How to complete this task: Check each line of the records below and collect those holding "wide".

Data under study:
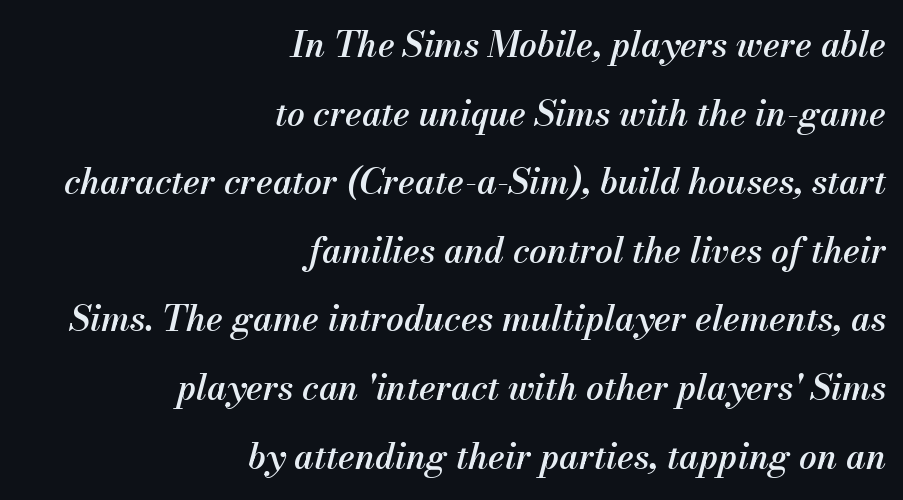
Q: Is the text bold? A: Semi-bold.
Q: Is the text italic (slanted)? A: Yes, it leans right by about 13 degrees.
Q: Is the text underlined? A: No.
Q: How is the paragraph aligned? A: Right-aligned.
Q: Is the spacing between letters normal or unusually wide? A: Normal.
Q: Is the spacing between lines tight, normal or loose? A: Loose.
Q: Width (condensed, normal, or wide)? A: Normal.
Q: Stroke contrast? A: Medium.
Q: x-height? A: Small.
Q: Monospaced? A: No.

Solution to this task:
Q: Is the spacing between letters normal or unusually wide? A: Normal.
Q: Width (condensed, normal, or wide)? A: Normal.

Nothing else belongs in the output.